Gina started by separating my images into three sets, 1. a couple of images she didn’t really care for, 2.  my big landscapes and 3. my curiosity shots which are a mixture of street and ad hoc shots that visually appeal to me.

The first thing she said, and something I had come realise over the past few months was that I am a colour photographer, she recommended I stop working in Black and White, which was a great confirmation to something I had already had an inkling of. I have even gone back and switched a couple of pictures back into colour.

‘This is you!’ pointing to the pile of curiosity shots, ‘This are the interesting ones, the pictures that give a view into your visual eye’.

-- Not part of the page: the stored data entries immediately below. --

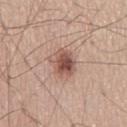Impression: Recorded during total-body skin imaging; not selected for excision or biopsy. Context: The lesion-visualizer software estimated an area of roughly 8 mm², an eccentricity of roughly 0.6, and a shape-asymmetry score of about 0.2 (0 = symmetric). The analysis additionally found an average lesion color of about L≈53 a*≈21 b*≈26 (CIELAB), a lesion–skin lightness drop of about 13, and a lesion-to-skin contrast of about 9 (normalized; higher = more distinct). Captured under white-light illumination. From the mid back. A 15 mm crop from a total-body photograph taken for skin-cancer surveillance. Approximately 3.5 mm at its widest. The subject is a male aged 58 to 62.
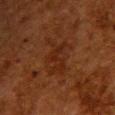No biopsy was performed on this lesion — it was imaged during a full skin examination and was not determined to be concerning.
On the upper back.
A female subject, aged 48 to 52.
A 15 mm close-up tile from a total-body photography series done for melanoma screening.
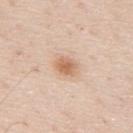follow-up: imaged on a skin check; not biopsied
lesion diameter: about 2.5 mm
location: the mid back
lighting: white-light illumination
image source: ~15 mm crop, total-body skin-cancer survey
subject: male, about 80 years old
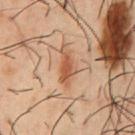{
  "biopsy_status": "not biopsied; imaged during a skin examination",
  "automated_metrics": {
    "area_mm2_approx": 6.5,
    "shape_asymmetry": 0.3,
    "vs_skin_darker_L": 10.0,
    "vs_skin_contrast_norm": 7.5,
    "border_irregularity_0_10": 4.0,
    "color_variation_0_10": 3.0,
    "peripheral_color_asymmetry": 1.0
  },
  "patient": {
    "sex": "male",
    "age_approx": 55
  },
  "lesion_size": {
    "long_diameter_mm_approx": 4.5
  },
  "image": {
    "source": "total-body photography crop",
    "field_of_view_mm": 15
  },
  "site": "chest"
}
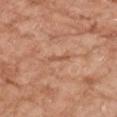Part of a total-body skin-imaging series; this lesion was reviewed on a skin check and was not flagged for biopsy. The subject is a female aged around 75. From the right forearm. This is a white-light tile. Cropped from a whole-body photographic skin survey; the tile spans about 15 mm.
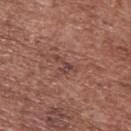{
  "biopsy_status": "not biopsied; imaged during a skin examination",
  "image": {
    "source": "total-body photography crop",
    "field_of_view_mm": 15
  },
  "lesion_size": {
    "long_diameter_mm_approx": 3.0
  },
  "site": "upper back",
  "patient": {
    "sex": "male",
    "age_approx": 75
  }
}
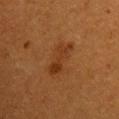Part of a total-body skin-imaging series; this lesion was reviewed on a skin check and was not flagged for biopsy.
A female patient aged 53 to 57.
This image is a 15 mm lesion crop taken from a total-body photograph.
The lesion's longest dimension is about 5 mm.
On the front of the torso.
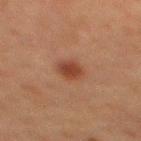The lesion was tiled from a total-body skin photograph and was not biopsied. A male subject, aged 58–62. The lesion is located on the upper back. Approximately 2.5 mm at its widest. A region of skin cropped from a whole-body photographic capture, roughly 15 mm wide.
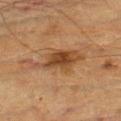site: left thigh
patient:
  sex: male
  age_approx: 85+
lighting: cross-polarized
image:
  source: total-body photography crop
  field_of_view_mm: 15
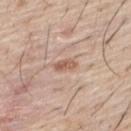Notes:
– lighting: white-light illumination
– subject: male, roughly 55 years of age
– diameter: ~3 mm (longest diameter)
– TBP lesion metrics: a footprint of about 3 mm², a shape eccentricity near 0.9, and two-axis asymmetry of about 0.2; an average lesion color of about L≈58 a*≈20 b*≈29 (CIELAB), roughly 11 lightness units darker than nearby skin, and a normalized lesion–skin contrast near 7.5
– location: the upper back
– image source: ~15 mm tile from a whole-body skin photo
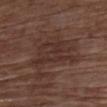This lesion was catalogued during total-body skin photography and was not selected for biopsy.
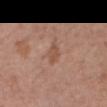Findings:
* notes · catalogued during a skin exam; not biopsied
* image · ~15 mm crop, total-body skin-cancer survey
* patient · female, aged 73 to 77
* location · the chest
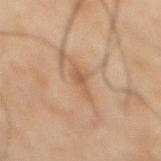notes: catalogued during a skin exam; not biopsied | subject: male, aged approximately 50 | size: ≈2.5 mm | location: the abdomen | image-analysis metrics: an area of roughly 3 mm² and a symmetry-axis asymmetry near 0.4; a border-irregularity rating of about 4/10 and a within-lesion color-variation index near 1/10; an automated nevus-likeness rating near 0 out of 100 | image source: total-body-photography crop, ~15 mm field of view | lighting: cross-polarized.
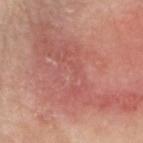Captured during whole-body skin photography for melanoma surveillance; the lesion was not biopsied.
The lesion is on the head or neck.
The lesion-visualizer software estimated a mean CIELAB color near L≈56 a*≈27 b*≈26, roughly 8 lightness units darker than nearby skin, and a lesion-to-skin contrast of about 5.5 (normalized; higher = more distinct). The software also gave border irregularity of about 9.5 on a 0–10 scale, a color-variation rating of about 5.5/10, and a peripheral color-asymmetry measure near 2. It also reported a nevus-likeness score of about 0/100 and a lesion-detection confidence of about 65/100.
Imaged with white-light lighting.
A close-up tile cropped from a whole-body skin photograph, about 15 mm across.
A male subject roughly 80 years of age.
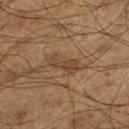Captured during whole-body skin photography for melanoma surveillance; the lesion was not biopsied. A 15 mm close-up extracted from a 3D total-body photography capture. The lesion is on the leg. The lesion's longest dimension is about 3.5 mm. A male subject roughly 60 years of age.
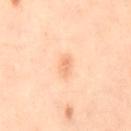workup: total-body-photography surveillance lesion; no biopsy
lighting: cross-polarized
automated lesion analysis: a lesion area of about 3.5 mm²; border irregularity of about 2.5 on a 0–10 scale, a color-variation rating of about 2/10, and peripheral color asymmetry of about 0.5
patient: female, aged approximately 40
site: the leg
lesion size: ≈2.5 mm
image source: 15 mm crop, total-body photography
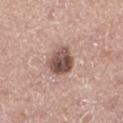Recorded during total-body skin imaging; not selected for excision or biopsy.
The patient is a male about 65 years old.
From the left lower leg.
The tile uses white-light illumination.
A 15 mm crop from a total-body photograph taken for skin-cancer surveillance.
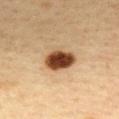{
  "biopsy_status": "not biopsied; imaged during a skin examination",
  "lighting": "cross-polarized",
  "image": {
    "source": "total-body photography crop",
    "field_of_view_mm": 15
  },
  "patient": {
    "sex": "female",
    "age_approx": 45
  },
  "lesion_size": {
    "long_diameter_mm_approx": 4.0
  },
  "site": "upper back"
}
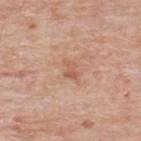{"biopsy_status": "not biopsied; imaged during a skin examination", "lesion_size": {"long_diameter_mm_approx": 2.5}, "site": "upper back", "image": {"source": "total-body photography crop", "field_of_view_mm": 15}, "lighting": "white-light", "patient": {"sex": "male", "age_approx": 75}}
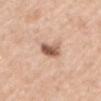Approximately 3 mm at its widest.
This is a white-light tile.
The lesion is located on the front of the torso.
The lesion-visualizer software estimated a lesion area of about 6 mm² and a shape-asymmetry score of about 0.3 (0 = symmetric). The analysis additionally found a mean CIELAB color near L≈58 a*≈20 b*≈29 and a lesion-to-skin contrast of about 9.5 (normalized; higher = more distinct). The analysis additionally found a border-irregularity rating of about 3/10, a color-variation rating of about 6/10, and a peripheral color-asymmetry measure near 2.5.
A male patient, approximately 70 years of age.
A lesion tile, about 15 mm wide, cut from a 3D total-body photograph.
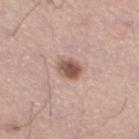notes: catalogued during a skin exam; not biopsied | subject: male, aged 33 to 37 | TBP lesion metrics: a lesion area of about 5 mm², a shape eccentricity near 0.7, and two-axis asymmetry of about 0.25; an automated nevus-likeness rating near 95 out of 100 and lesion-presence confidence of about 100/100 | anatomic site: the leg | lesion diameter: ≈3 mm | imaging modality: ~15 mm crop, total-body skin-cancer survey.
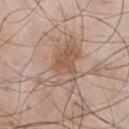Case summary:
* notes · total-body-photography surveillance lesion; no biopsy
* site · the chest
* image · ~15 mm crop, total-body skin-cancer survey
* automated lesion analysis · a footprint of about 16 mm², an outline eccentricity of about 0.8 (0 = round, 1 = elongated), and a symmetry-axis asymmetry near 0.35; a mean CIELAB color near L≈57 a*≈16 b*≈28, about 9 CIELAB-L* units darker than the surrounding skin, and a lesion-to-skin contrast of about 6.5 (normalized; higher = more distinct); a nevus-likeness score of about 20/100 and a lesion-detection confidence of about 100/100
* subject · male, aged around 55
* lighting · white-light
* size · about 6.5 mm
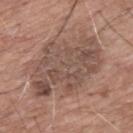Impression: No biopsy was performed on this lesion — it was imaged during a full skin examination and was not determined to be concerning. Image and clinical context: Measured at roughly 8 mm in maximum diameter. The lesion is on the mid back. The lesion-visualizer software estimated a lesion area of about 36 mm², an outline eccentricity of about 0.75 (0 = round, 1 = elongated), and two-axis asymmetry of about 0.3. The software also gave a mean CIELAB color near L≈49 a*≈17 b*≈24 and a lesion-to-skin contrast of about 6.5 (normalized; higher = more distinct). It also reported border irregularity of about 5.5 on a 0–10 scale, internal color variation of about 5 on a 0–10 scale, and a peripheral color-asymmetry measure near 2. The software also gave a classifier nevus-likeness of about 10/100 and lesion-presence confidence of about 100/100. Captured under white-light illumination. A male patient approximately 60 years of age. A region of skin cropped from a whole-body photographic capture, roughly 15 mm wide.

She went on to say I need to write more about my work, because by writing I will discover why I like taking the images I do and be able to progress my style. It makes complete sense, I’ve always shied away from writing, even though I don’t think I’m at all bad at it, I just never have had much to say, thinking that my work should speak for itself. But clearly the writing Gina wants me to do it not for you, it’s for me and that appeals far more as it’s delving into the Id.

This suddenly is a fascinating idea, going back to early memories and thinking about what types of images I liked as a child and as a teenager and then into my career as a Graphic Designer. Visual imagery has always been important but I don’t think I’ve ever actually stopped to think why do I like what I like.

So Gina recommended writing down memories, ‘Start with “I remember...” and see where that takes you’

So here we go, of my first ever memories I remember being 3 years old and cradled out to the green Vauxhall Viva estate at 4am just as it was getting light for a long car journey to Scotland. During that holiday the images I can still visualise are a dark old gypsy caravan we were staying in with ornate fittings and lacy curtains. It was there I decided to throw away my dummies and watched the men take them away in a large grey dustbin lorry. Also I have images of being on the beach and having a tantrum over not wanting to go on a donkey (still legendary in my family).

Was this embryonic in my visual style? I don’t know but it’s these types of memories I shall be investigating to see where my motivation is and I’m very much looking forward to it.

Portfolio for 2011 by admin

As a Graphic Designer I was taught traditional photography at college but as a student it was a means to an end rather than the art form I consider it now. I could take pictures, develop film and print; but a lot of it was guesswork and luck.

I suppose, without realising, I was waiting for was Digital Photography. The first digital camera I used was an Apple Quicktake 100 in 1996, but only being able to take 8 shots at 640x480 it wasn’t exactly practical. It was a few more years before I had my first Kodak point & shoot, however, in 2005 when I bought my Nikon DSLR (the D50) my attitude toward photography changed. At this point that I realised I didn’t know very much about photography at all; leaving the dial on Auto all the way up until leaving it on a plane a couple of years later.

After suffering major withdrawals from photography  I decided to go back to school and enrolled on a short basic photography course led by Dave Hodgkinson. Six weeks with a borrowed Nikon plus 50mm prime lens seduced me under the skin of photography forever.

It was in San Fransisco with a Canon G10 that I took my first portfolio shot: The Bay Bridge and ferry terminal at dawn.

I now pack a Nikon D80 which nourishes my passion for photography; a passion that consumes my every waking moment. The shots that I’ve missed over the past couple of years because I either didn’t have a camera or it wasn’t in my hand at the right time, are burnt into my memory.

This body of work is a selection from the past three years, which reflects my recent move into Street Photography. As the work changes and progresses, more and more black and white street shots creep into my portfolio. Let me know what you think.

Street Selection by admin

After emailing my photography tutor and asking for a project, he set me a Street Photography assignment studying Henri Cartier-Bresson, Robert Frank and other famous street photographers. I was to read up and write a short piece on the street scene and then go out and take some pictures. That was a year ago and I've been shooting street ever since, I love it.